While ISAPI filters can be used to perform URL rewriting, this article examines implementing URL rewriting using ASP.NET. However, we will discuss the tradeoffs between implementing URL rewriting as an ISAPI filter versus using techniques available in ASP.NET.


What Happens When a Request Enters the ASP.NET Engine


Prior to ASP.NET, URL rewriting on IIS Web servers needed to be implemented using an ISAPI filter. URL rewriting is possible with ASP.NET because the ASP.NET engine is strikingly similar to IIS. The similarities arise because the ASP.NET engine:



  1. Raises events as it processes a request.

  2. Allows an arbitrary number of HTTP modules handle the events that are raised, akin to IIS's ISAPI filters.

  3. Delegates rendering the requested resource to an HTTP handler, which is akin to IIS's ISAPI extensions.


Like IIS, during the lifetime of a request the ASP.NET engine fires events signaling its change from one state of processing to another. The BeginRequest event, for example, is fired when the ASP.NET engine first responds to a request. The AuthenticateRequest event fires next, which occurs when the identity of the user has been established. (There are numerous other events—AuthorizeRequest, ResolveRequestCache, and EndRequest, among others. These events are events of the System.Web.HttpApplication class; for more information consult the HttpApplication Class Overview technical documentation.)


As we discussed in the previous section, ISAPI filters can be created to respond to the events raised by IIS. In a similar vein, ASP.NET provides HTTP modules that can respond to the events raised by the ASP.NET engine. An ASP.NET Web application can be configured to have multiple HTTP modules. For each request processed by the ASP.NET engine, each configured HTTP module is initialized and allowed to wire up event handlers to the events raised during the processing of the request. Realize that there are a number of built-in HTTP modules utilized on each an every request. One of the built-in HTTP modules is the FormsAuthenticationModule, which first checks to see if forms authentication is being used and, if so, whether the user is authenticated or not. If not, the user is automatically redirected to the specified logon page.

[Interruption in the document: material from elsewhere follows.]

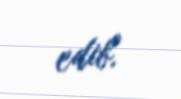
edib.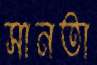
সানতা

Recall that with IIS, an incoming request is eventually directed to an ISAPI extension, whose job it is to return the data for the particular request. For example, when a request for a classic ASP Web page arrives, IIS hands off the request to the asp.dll ISAPI extension, whose task it is to return the HTML markup for the requested ASP page. The ASP.NET engine utilizes a similar approach. After initializing the HTTP modules, the ASP.NET engine's next task is to determine what HTTP handler should process the request.


All requests that pass through the ASP.NET engine eventually arrive at an HTTP handler or an HTTP handler factory (an HTTP handler factory simply returns an instance of an HTTP handler that is then used to process the request). The final HTTP handler renders the requested resource, returning the response. This response is sent back to IIS, which then returns it to the user that made the request.


ASP.NET includes a number of built-in HTTP handlers. The PageHandlerFactory, for example, is used to render ASP.NET Web pages. The WebServiceHandlerFactory is used to render the response SOAP envelopes for ASP.NET Web services. The TraceHandler renders the HTML markup for requests to trace.axd.


Figure 2 illustrates how a request for an ASP.NET resource is handled. First, IIS receives the request and dispatches it to aspnet_isapi.dll. Next, the ASP.NET engine initializes the configured HTTP modules. Finally, the proper HTTP handler is invoked and the requested resource is rendered, returning the generated markup back to IIS and back to the requesting client.


2


Figure 2. Request processing by IIS and ASP.NET


Creating and Registering Custom HTTP Modules and HTTP Handlers


Creating custom HTTP modules and HTTP handlers are relatively simple tasks, which involve created a managed class that implements the correct interface. HTTP modules must implement the System.Web.IHttpModule interface, while HTTP handlers and HTTP handler factories must implement the System.Web.IHttpHandler interface and System.Web.IHttpHandlerFactory interface, respectively. The specifics of creating HTTP handlers and HTTP modules is beyond the scope of this article. For a good background, read Mansoor Ahmed Siddiqui's article, HTTP Handlers and HTTP Modules in ASP.NET.


Once a custom HTTP module or HTTP handler has been created, it must be registered with the Web application. Registering HTTP modules and HTTP handlers for an entire Web server requires only a simple addition to the machine.config file; registering an HTTP module or HTTP handler for a specific Web application involves adding a few lines of XML to the application's Web.config file.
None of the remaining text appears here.